(Data entries)
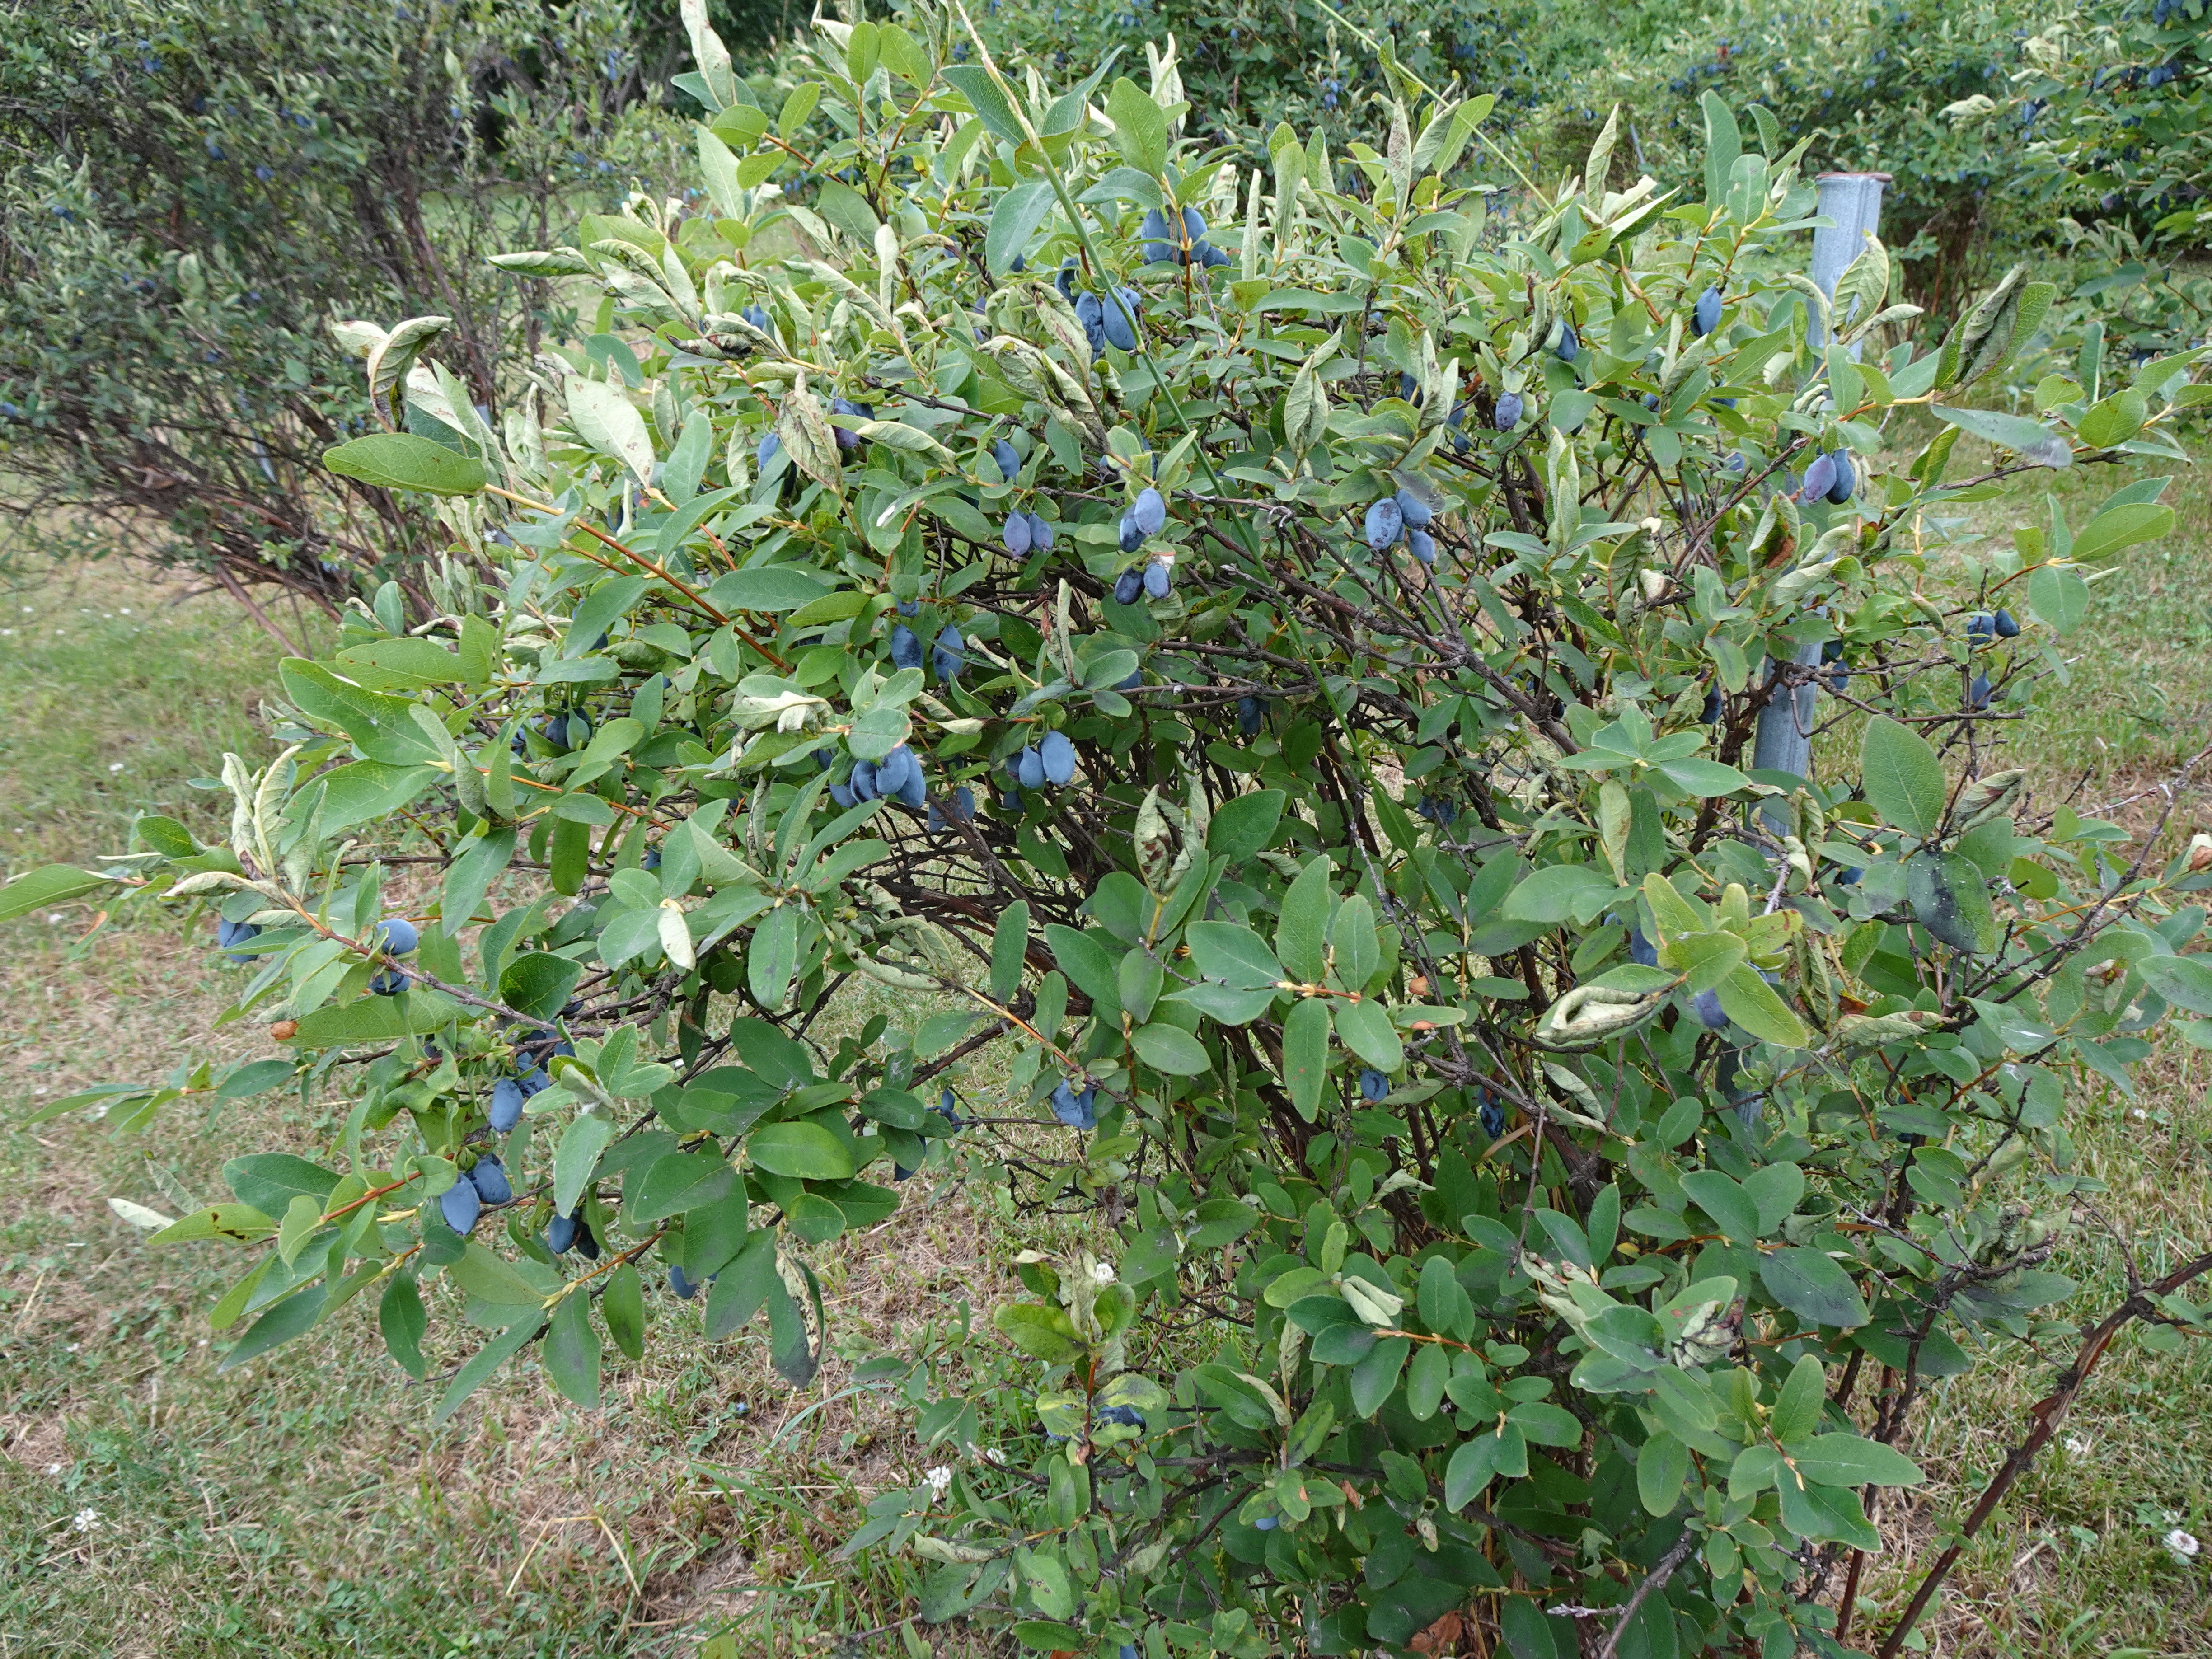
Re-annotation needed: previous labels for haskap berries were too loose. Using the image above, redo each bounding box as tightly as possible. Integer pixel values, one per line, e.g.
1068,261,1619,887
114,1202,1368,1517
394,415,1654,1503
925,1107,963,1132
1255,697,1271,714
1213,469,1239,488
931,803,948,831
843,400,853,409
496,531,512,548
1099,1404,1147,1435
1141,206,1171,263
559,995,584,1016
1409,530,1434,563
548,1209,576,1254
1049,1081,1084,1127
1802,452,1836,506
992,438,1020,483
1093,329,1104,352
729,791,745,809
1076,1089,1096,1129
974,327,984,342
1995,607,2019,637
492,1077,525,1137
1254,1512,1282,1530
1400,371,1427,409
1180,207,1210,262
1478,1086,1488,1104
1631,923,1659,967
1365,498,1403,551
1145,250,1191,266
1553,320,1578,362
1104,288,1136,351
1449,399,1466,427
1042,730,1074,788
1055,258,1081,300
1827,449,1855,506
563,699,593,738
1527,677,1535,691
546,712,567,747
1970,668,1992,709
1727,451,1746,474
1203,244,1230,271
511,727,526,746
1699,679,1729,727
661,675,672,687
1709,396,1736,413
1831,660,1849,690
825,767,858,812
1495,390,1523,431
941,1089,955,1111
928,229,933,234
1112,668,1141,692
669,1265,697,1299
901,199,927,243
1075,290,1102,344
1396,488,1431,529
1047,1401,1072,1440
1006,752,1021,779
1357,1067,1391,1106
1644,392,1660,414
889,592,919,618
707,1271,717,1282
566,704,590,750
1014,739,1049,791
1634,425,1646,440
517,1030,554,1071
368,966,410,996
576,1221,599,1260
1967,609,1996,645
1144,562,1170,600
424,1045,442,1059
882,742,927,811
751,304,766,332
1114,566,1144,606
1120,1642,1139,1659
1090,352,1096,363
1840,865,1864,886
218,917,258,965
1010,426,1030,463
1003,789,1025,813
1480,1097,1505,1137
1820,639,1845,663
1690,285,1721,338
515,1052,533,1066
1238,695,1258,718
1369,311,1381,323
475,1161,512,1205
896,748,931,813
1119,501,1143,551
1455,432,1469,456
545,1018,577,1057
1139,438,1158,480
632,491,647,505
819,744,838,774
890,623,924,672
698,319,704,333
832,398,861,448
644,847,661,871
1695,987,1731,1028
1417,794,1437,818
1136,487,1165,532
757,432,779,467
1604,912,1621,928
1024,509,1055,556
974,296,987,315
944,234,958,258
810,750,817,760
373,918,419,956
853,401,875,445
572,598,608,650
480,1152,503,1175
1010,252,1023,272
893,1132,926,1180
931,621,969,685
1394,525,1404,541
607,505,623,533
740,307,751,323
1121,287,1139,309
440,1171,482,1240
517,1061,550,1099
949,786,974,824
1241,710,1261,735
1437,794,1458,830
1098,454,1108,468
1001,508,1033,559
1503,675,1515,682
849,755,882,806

◆ Work order ◆
All lines from the start of the entries above through the line containing "114,1202,1368,1517" must be transcribed exactly, both ends included, and no picture may be copied.

◆ Response to the exercise ◆
Re-annotation needed: previous labels for haskap berries were too loose. Using the image above, redo each bounding box as tightly as possible. Integer pixel values, one per line, e.g.
1068,261,1619,887
114,1202,1368,1517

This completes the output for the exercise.